The problem →
Return the data below exactly as given, except for the images.

■ ■ ■ ■ ■ ■ ■

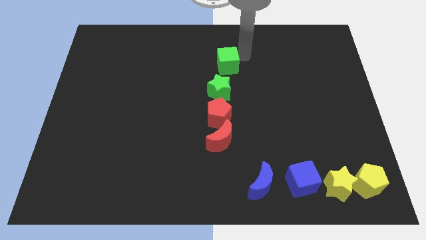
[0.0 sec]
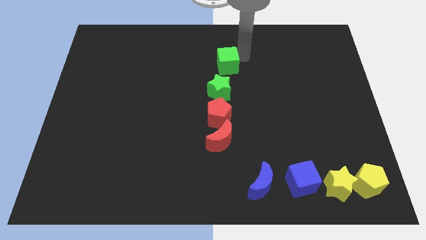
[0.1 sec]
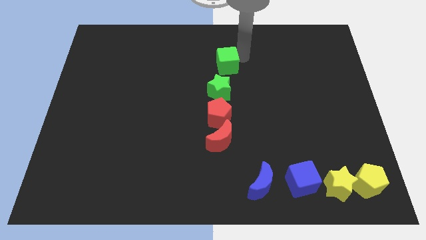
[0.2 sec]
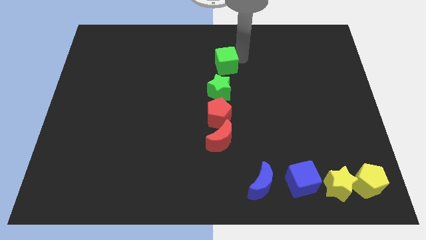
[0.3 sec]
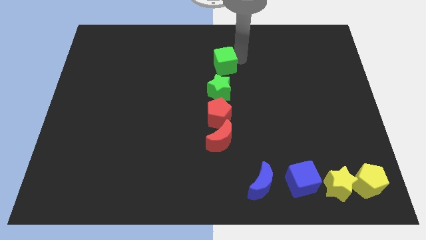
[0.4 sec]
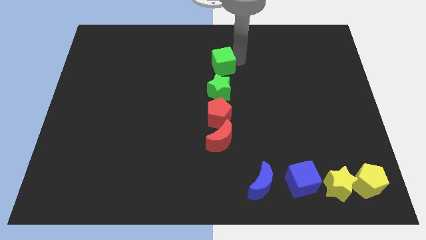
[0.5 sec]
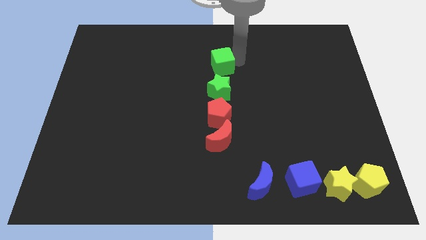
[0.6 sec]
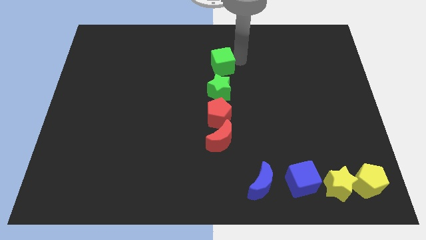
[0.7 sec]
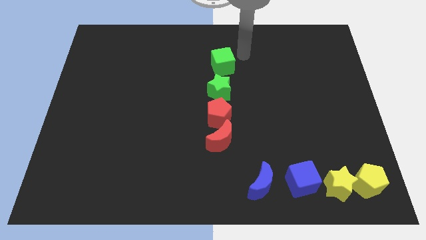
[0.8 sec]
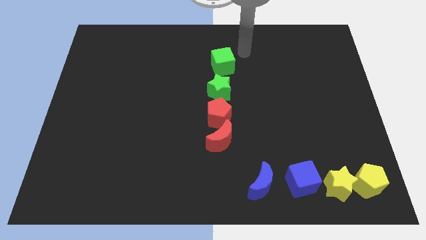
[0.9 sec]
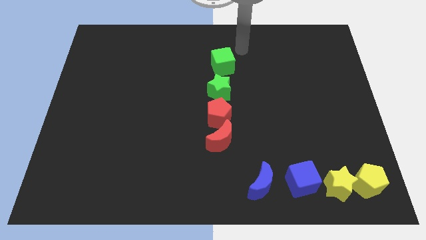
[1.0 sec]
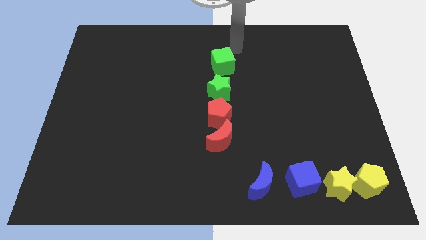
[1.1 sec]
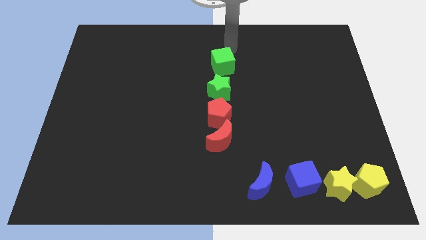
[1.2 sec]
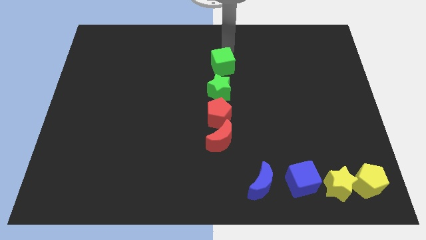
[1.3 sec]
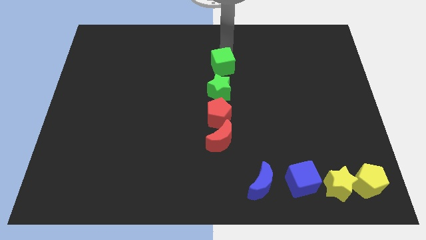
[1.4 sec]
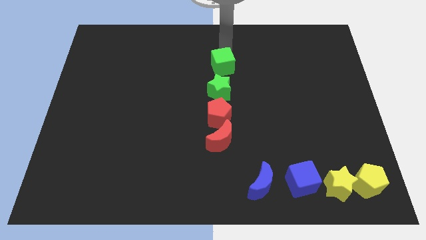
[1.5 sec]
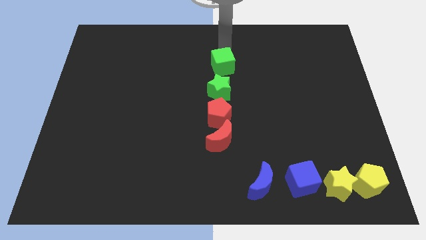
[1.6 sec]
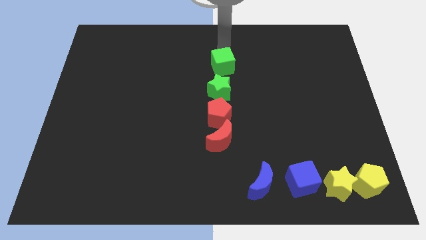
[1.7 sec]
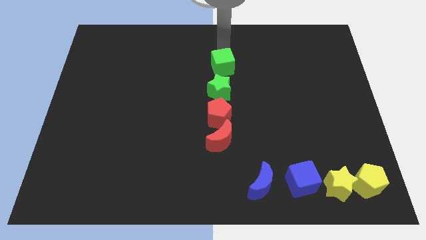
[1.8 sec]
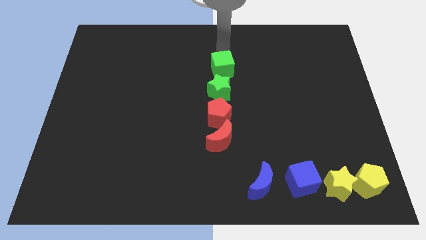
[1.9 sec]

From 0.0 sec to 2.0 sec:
slightly push the green cube to the center

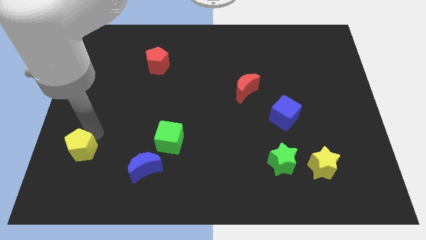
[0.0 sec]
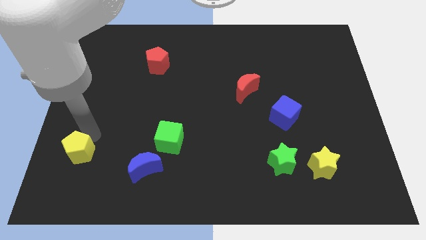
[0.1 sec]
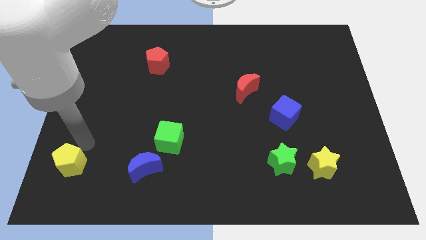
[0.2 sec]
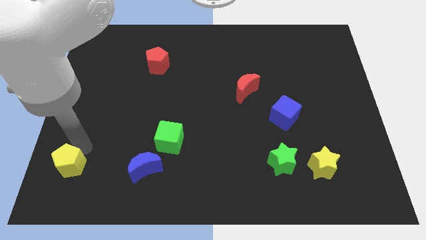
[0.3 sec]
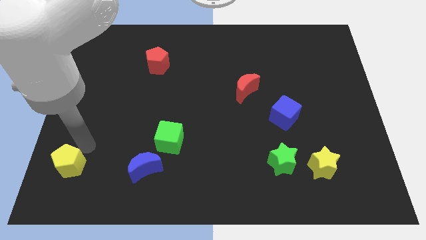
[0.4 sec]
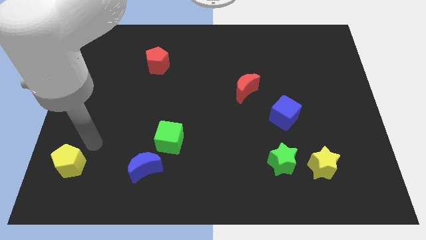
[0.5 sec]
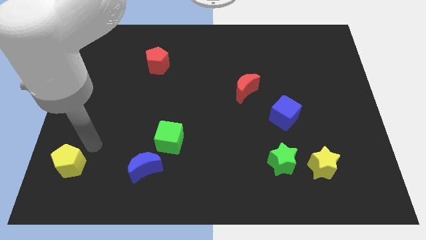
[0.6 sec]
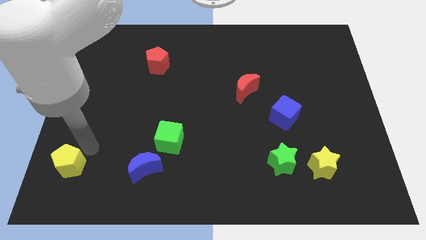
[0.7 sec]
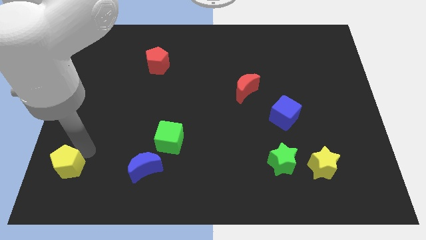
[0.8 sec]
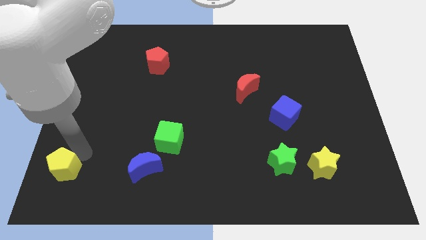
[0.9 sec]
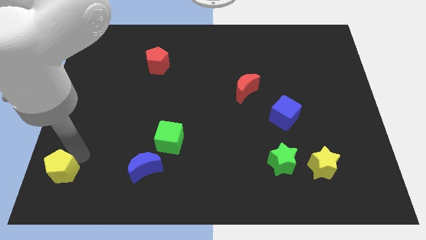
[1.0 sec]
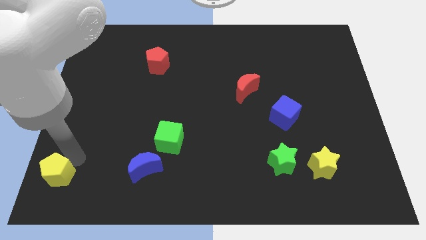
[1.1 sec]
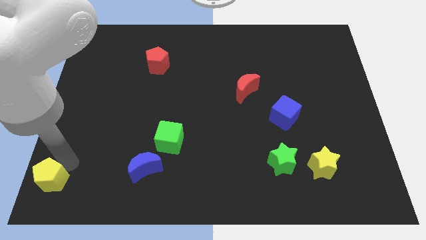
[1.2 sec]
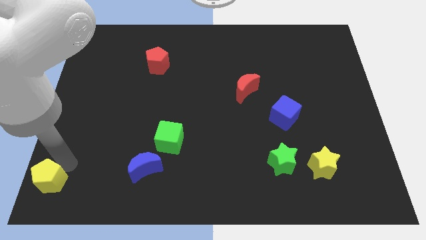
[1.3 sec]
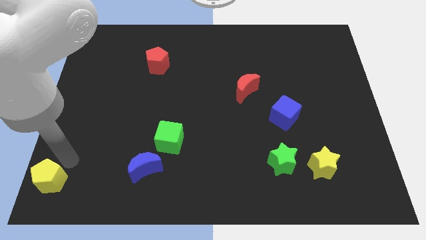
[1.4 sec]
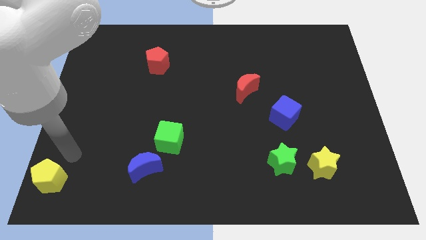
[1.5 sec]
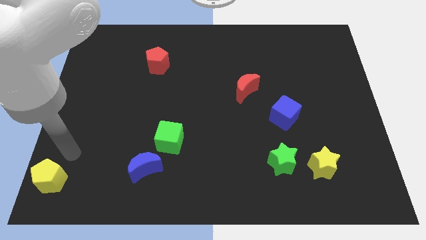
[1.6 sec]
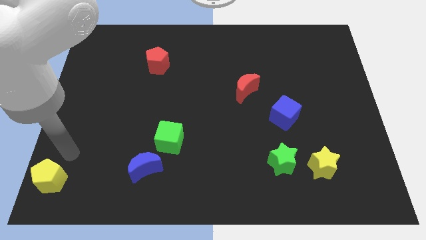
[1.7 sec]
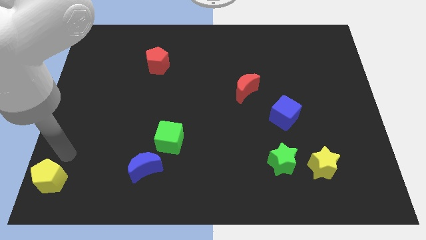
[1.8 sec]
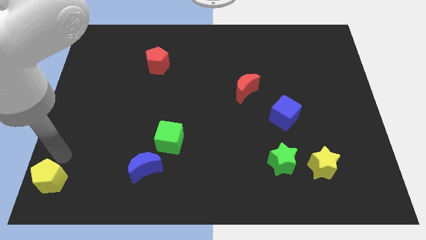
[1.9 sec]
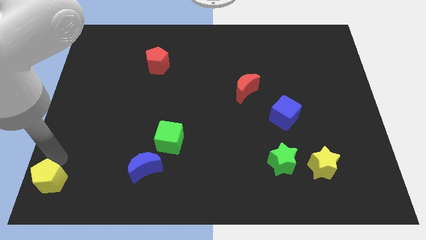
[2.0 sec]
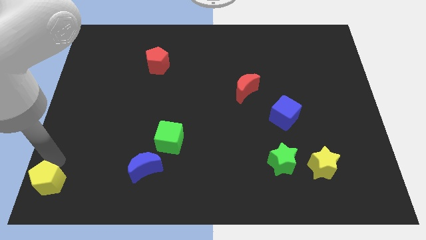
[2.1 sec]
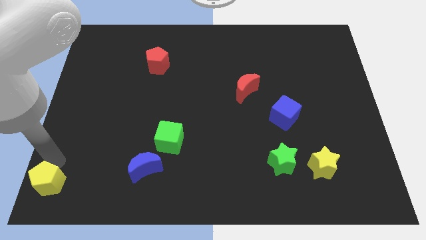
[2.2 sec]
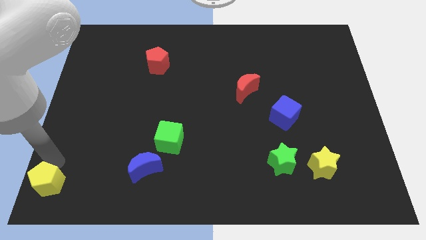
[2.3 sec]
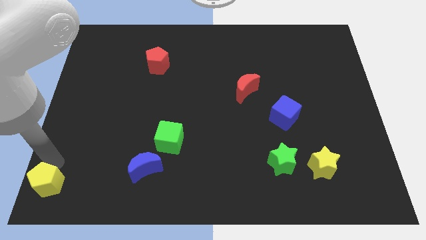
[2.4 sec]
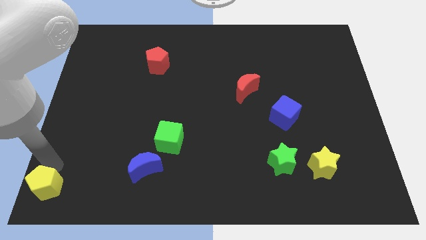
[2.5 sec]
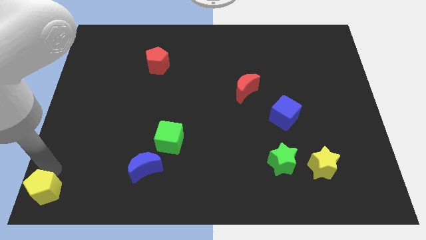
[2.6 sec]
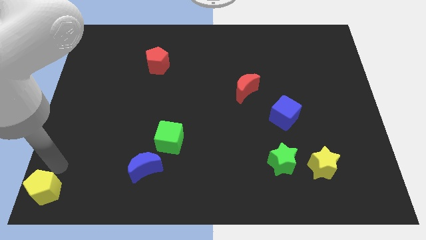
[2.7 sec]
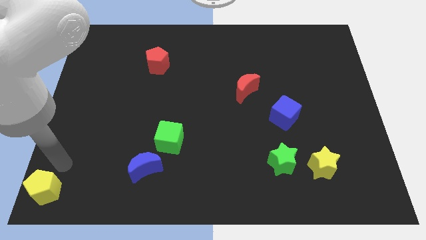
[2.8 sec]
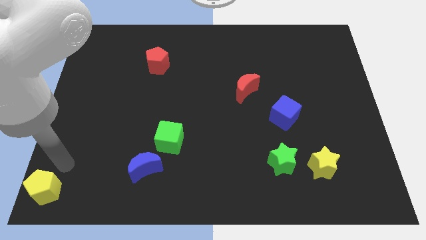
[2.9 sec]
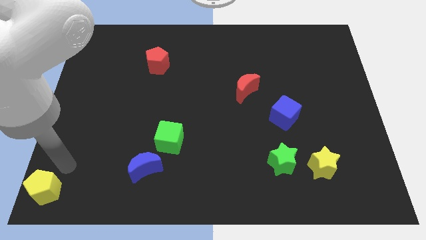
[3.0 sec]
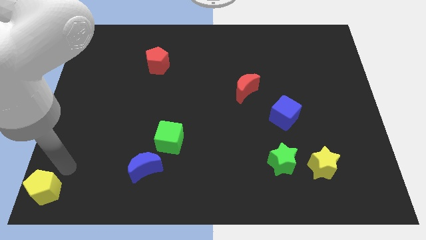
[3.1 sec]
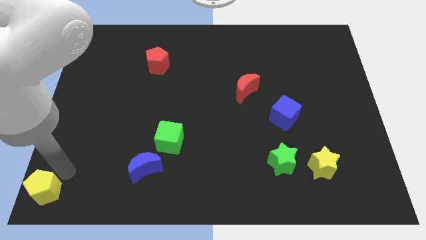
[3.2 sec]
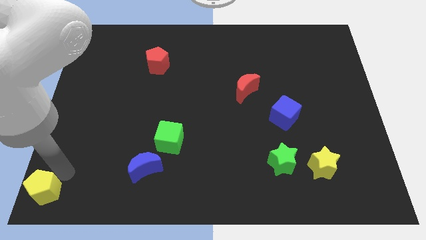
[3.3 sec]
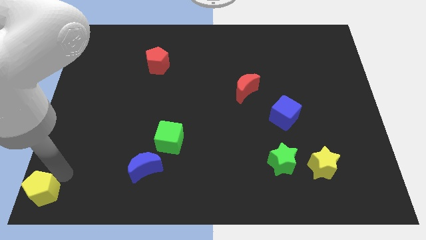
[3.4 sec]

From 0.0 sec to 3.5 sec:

■ ■ ■ ■ ■ ■ ■

Task solution →
[0.0 sec]
[0.1 sec]
[0.2 sec]
[0.3 sec]
[0.4 sec]
[0.5 sec]
[0.6 sec]
[0.7 sec]
[0.8 sec]
[0.9 sec]
[1.0 sec]
[1.1 sec]
[1.2 sec]
[1.3 sec]
[1.4 sec]
[1.5 sec]
[1.6 sec]
[1.7 sec]
[1.8 sec]
[1.9 sec]

From 0.0 sec to 2.0 sec:
slightly push the green cube to the center

[0.0 sec]
[0.1 sec]
[0.2 sec]
[0.3 sec]
[0.4 sec]
[0.5 sec]
[0.6 sec]
[0.7 sec]
[0.8 sec]
[0.9 sec]
[1.0 sec]
[1.1 sec]
[1.2 sec]
[1.3 sec]
[1.4 sec]
[1.5 sec]
[1.6 sec]
[1.7 sec]
[1.8 sec]
[1.9 sec]
[2.0 sec]
[2.1 sec]
[2.2 sec]
[2.3 sec]
[2.4 sec]
[2.5 sec]
[2.6 sec]
[2.7 sec]
[2.8 sec]
[2.9 sec]
[3.0 sec]
[3.1 sec]
[3.2 sec]
[3.3 sec]
[3.4 sec]

From 0.0 sec to 3.5 sec:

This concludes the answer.